La réforme des règles de l'assurance-chômage, d'une ampleur inégalée, commencera à entrer en vigueur ce vendredi 1er novembre. Durcissement des règles, nouveaux droits pour les démissionnaires et les indépendants : voici les points clés de la réforme de l'assurance-chômage.

  •  Six mois de travail requis pour ouvrir des droits

L'accès à l'allocation se durcit. Pour ouvrir des droits à indemnisation, il faudra avoir travaillé au moins six mois ("130 jours ou 910 heures") sur les 24 derniers mois ("la période de référence"). Aujourd'hui, cette condition est de quatre mois sur les 28 derniers (sauf pour les plus de 53 ans où la période de référence restera de 36 mois). En conséquence, la durée minimale d'indemnisation passe aussi de quatre à six mois.
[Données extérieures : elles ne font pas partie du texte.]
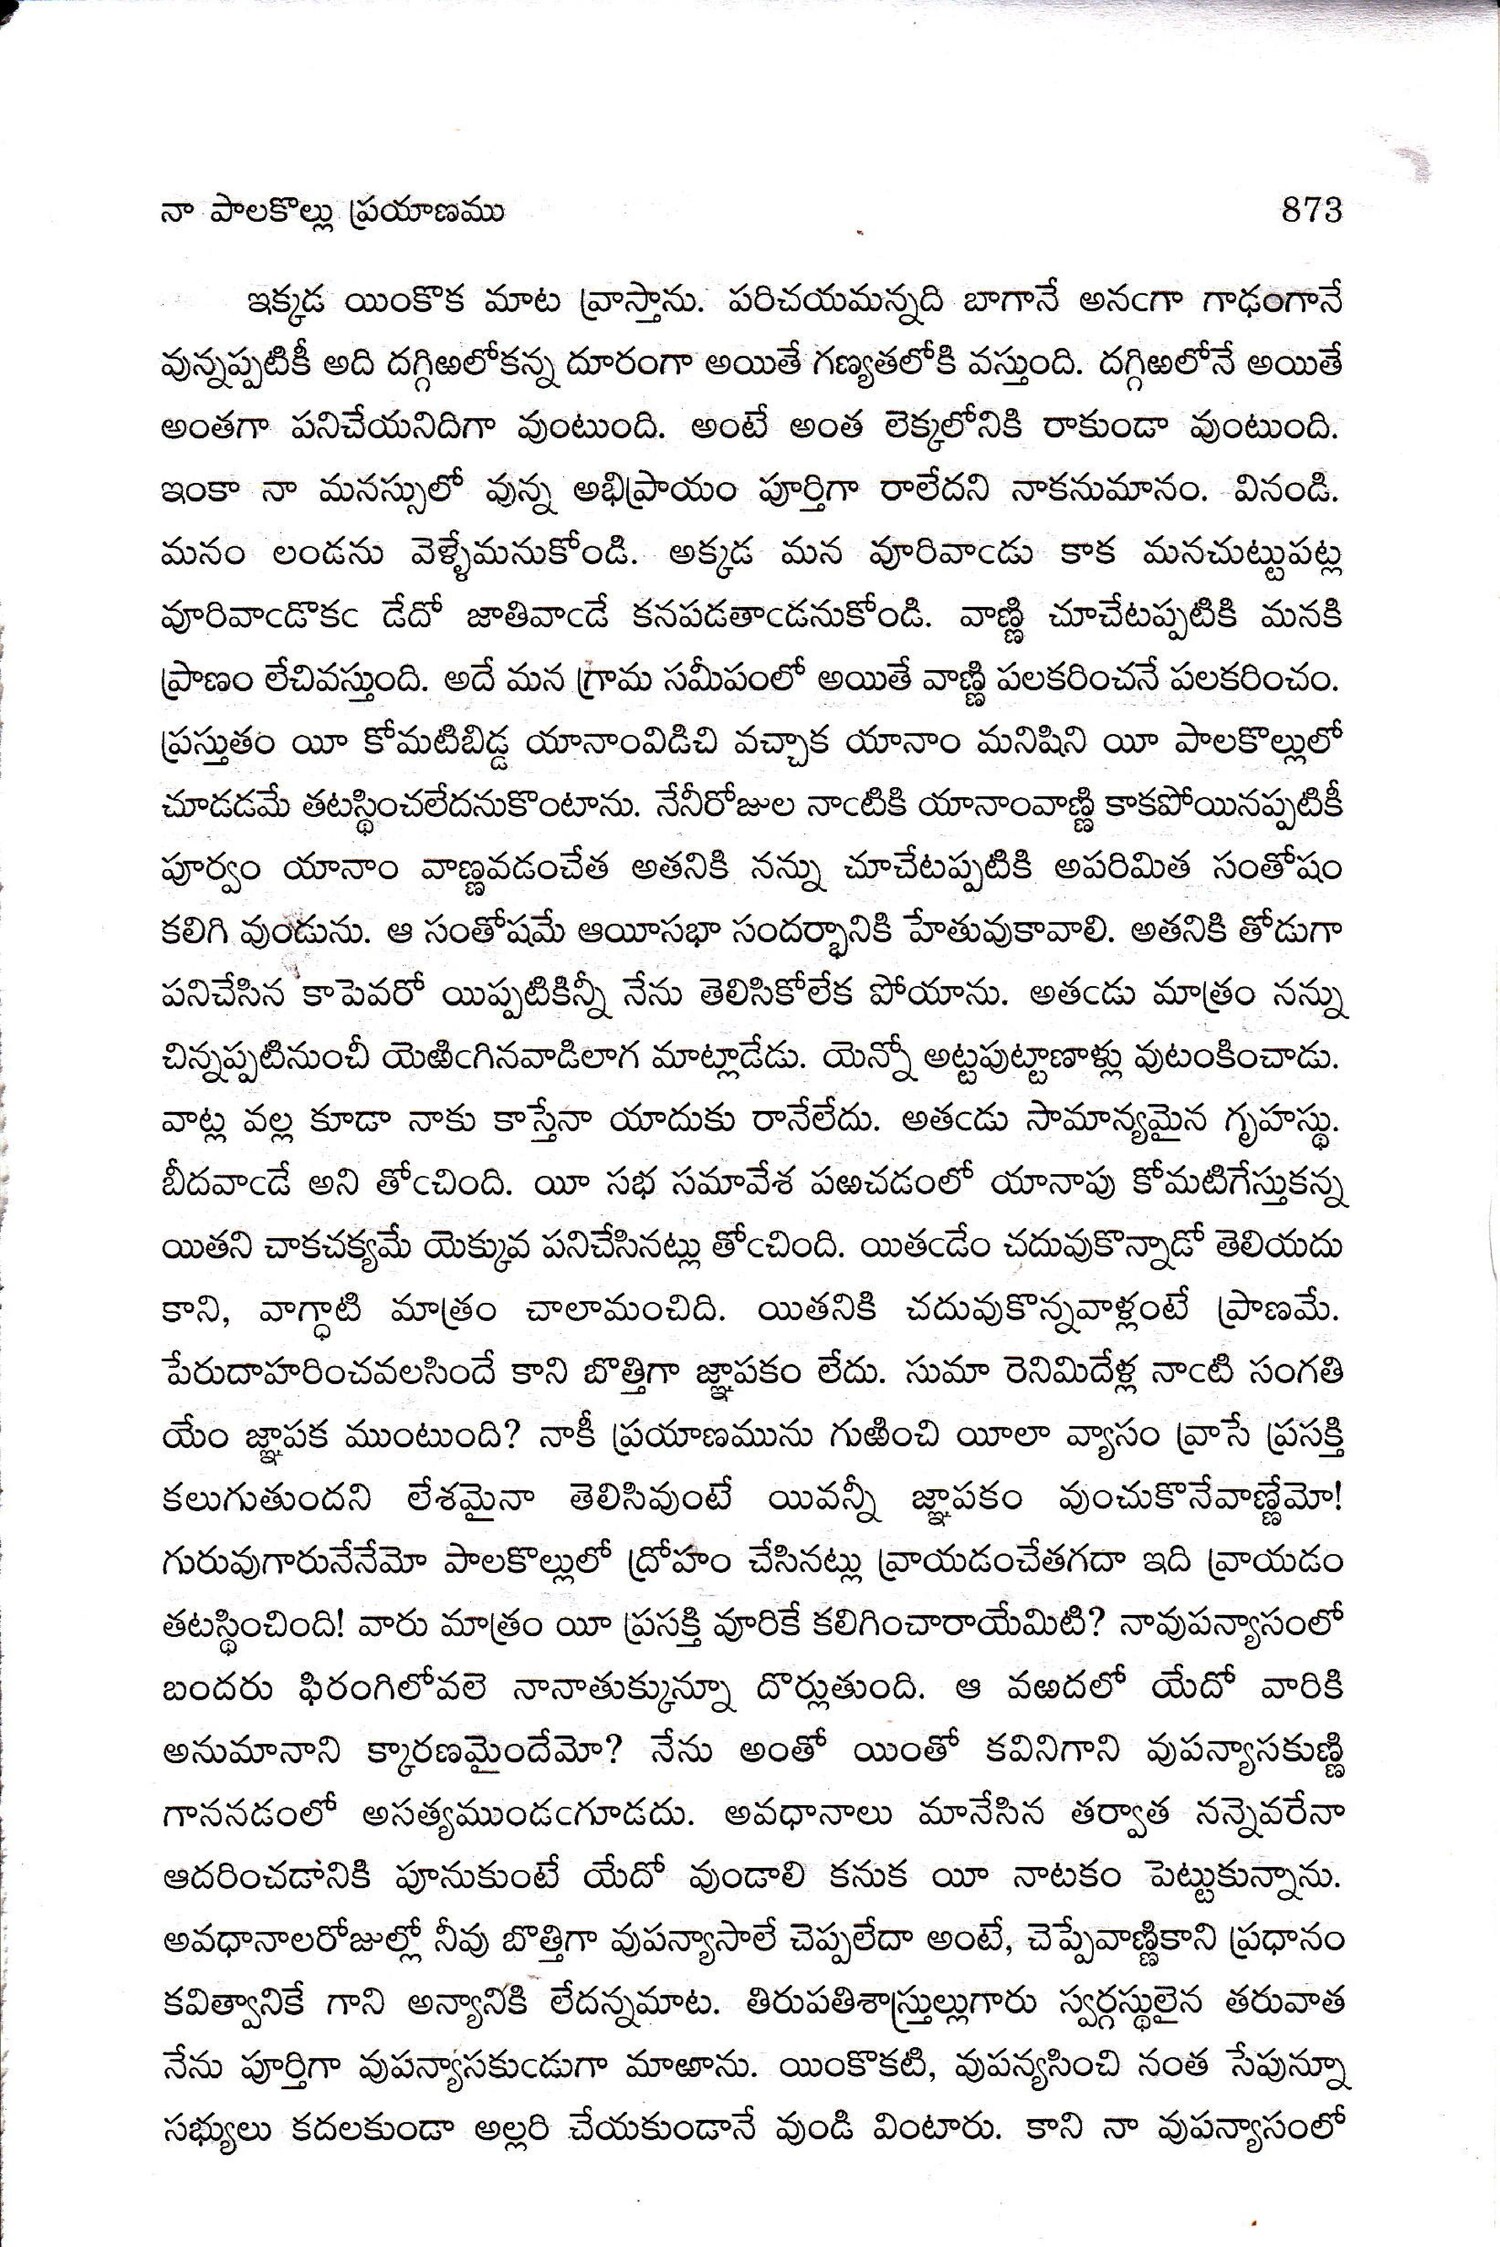ఇక్కడ యింకొక మాట వ్రాస్తాను. పరిచయమన్నది బాగానే అనఁగా గాఢంగానే వున్నప్పటికీ అది దగ్గిఱలోకన్న దూరంగా అయితే గణ్యతలోకి వస్తుంది. దగ్గిఱలోనే అయితే అంతగా పనిచేయనిదిగా వుంటుంది. అంటే అంత లెక్కలోనికి రాకుండా వుంటుంది. ఇంకా నా మనస్సులో వున్న అభిప్రాయం పూర్తిగా రాలేదని నాకనుమానం. వినండి. మనం లండను వెళ్ళేమనుకోండి. అక్కడ మన వూరివాఁడు కాక మనచుట్టుపట్ల వూరివాఁడొకఁ డేదో జాతివాఁడే కనపడతాఁడనుకోండి. వాణ్ణి చూచేటప్పటికి మనకి ప్రాణం లేచివస్తుంది. అదే మన గ్రామ సమీపంలో అయితే వాణ్ణి పలకరించనే పలకరించం. ప్రస్తుతం యీ కోమటిబిడ్డ యానాంవిడిచి వచ్చాక యానాం మనిషిని యీ పాలకొల్లులో చూడడమే తటస్థించలేదనుకొంటాను. నేనీరోజుల నాఁటికి యానాంవాణ్ణి కాకపోయినప్పటికీ పూర్వం యానాం వాణ్ణవడంచేత అతనికి నన్ను చూచేటప్పటికి అపరిమిత సంతోషం కలిగి వుండును. ఆ సంతోషమే ఆయీసభా సందర్భానికి హేతువుకావాలి. అతనికి తోడుగా పనిచేసిన కాపెవరో యిప్పటికిన్నీ నేను తెలిసికోలేక పోయాను. అతఁడు మాత్రం నన్ను చిన్నప్పటినుంచీ యెఱిఁగినవాడిలాగ మాట్లాడేడు. యెన్నో అట్టపుట్టాణాళ్లు వుటంకించాడు. వాట్ల వల్ల కూడా నాకు కాస్తేనా యాదుకు రానేలేదు. అతఁడు సామాన్యమైన గృహస్థు. బీదవాఁడే అని తోఁచింది. యీ సభ సమావేశ పఱచడంలో యానాపు కోమటిగేస్తుకన్న యితని చాకచక్యమే యెక్కువ పనిచేసినట్లు తోఁచింది. యితఁడేం చదువుకొన్నాడో తెలియదు కాని, వాగ్దాటి మాత్రం చాలామంచిది. యితనికి చదువుకొన్నవాళ్లంటే ప్రాణమే. పేరుదాహరించవలసిందే కాని బొత్తిగా జ్ఞాపకం లేదు. సుమా రెనిమిదేళ్ల నాఁటి సంగతి యేం జ్ఞాపక ముంటుంది? నాకీ ప్రయాణమును గుఱించి యీలా వ్యాసం వ్రాసే ప్రసక్తి కలుగుతుందని లేశమైనా తెలిసివుంటే యివన్నీ జ్ఞాపకం వుంచుకొనేవాణ్ణేమో! గురువుగారునేనేమో పాలకొల్లులో ద్రోహం చేసినట్లు వ్రాయడంచేతగదా ఇది వ్రాయడం తటస్థించింది! వారు మాత్రం యీ ప్రసక్తి వూరికే కలిగించారాయేమిటి? నావుపన్యాసంలో బందరు ఫిరంగిలోవలె నానాతుక్కున్నూ దొర్లుతుంది. ఆ వఱదలో యేదో వారికి అనుమానాని క్కారణమైందేమో? నేను అంతో యింతో కవినిగాని వుపన్యాసకుణ్ణి గాననడంలో అసత్యముండఁగూడదు. అవధానాలు మానేసిన తర్వాత నన్నెవరేనా ఆదరించడానికి పూనుకుంటే యేదో వుండాలి కనుక యీ నాటకం పెట్టుకున్నాను. అవధానాలరోజుల్లో నీవు బొత్తిగా వుపన్యాసాలే చెప్పలేదా అంటే, చెప్పేవాణ్ణికాని ప్రధానం కవిత్వానికే గాని అన్యానికి లేదన్నమాట. తిరుపతిశాస్త్రుల్లుగారు స్వర్గస్థులైన తరువాత నేను పూర్తిగా వుపన్యాసకుఁడుగా మఱాను. యింకొకటి, వుపన్యసించి నంత సేపున్నూ సభ్యులు కదలకుండా అల్లరి చేయకుండానే వుండి వింటారు. కాని నా వుపన్యాసంలో

La durée maximale reste de deux ans pour les moins de 53 ans, deux ans et demi pour les 53-55 ans, trois ans pour les plus de 55 ans.

Le seuil permettant un rechargement des droits, lorsqu'on travaille pendant sa période de chômage, est fortement durci. Jusqu'à présent, si un demandeur d'emploi travaillait au minimum un mois (ou 150 heures), il voyait sa durée d'indemnisation prolongée d'autant. Dorénavant, il lui faudra aussi au moins six mois pour en bénéficier. Créés en 2014, les rechargements représentent aujourd'hui un quart des ouvertures de droit. Ce sont notamment des jeunes qui multiplient les contrats courts (CDD ou mission d'intérim de moins d'un mois), souvent avec le même employeur qui les réembauche.

Selon l'Unédic, la mesure conduira à diminuer de 30.000 le nombre mensuel d'ouvertures de droit. Toutes les ouvertures de droit associées à une date de fin de contrat antérieure au 1er novembre, principalement des rechargements, resteront cependant sur la réglementation ancienne. L'une des conséquences du durcissement du rechargement pourrait être une hausse du nombre de bénéficiaires de l'Allocation de solidarité spécifique (ASS) versée par l'Etat aux chômeurs en fin de droit, selon les syndicats, qui notent une enveloppe à cet effet en hausse dans le budget 2020.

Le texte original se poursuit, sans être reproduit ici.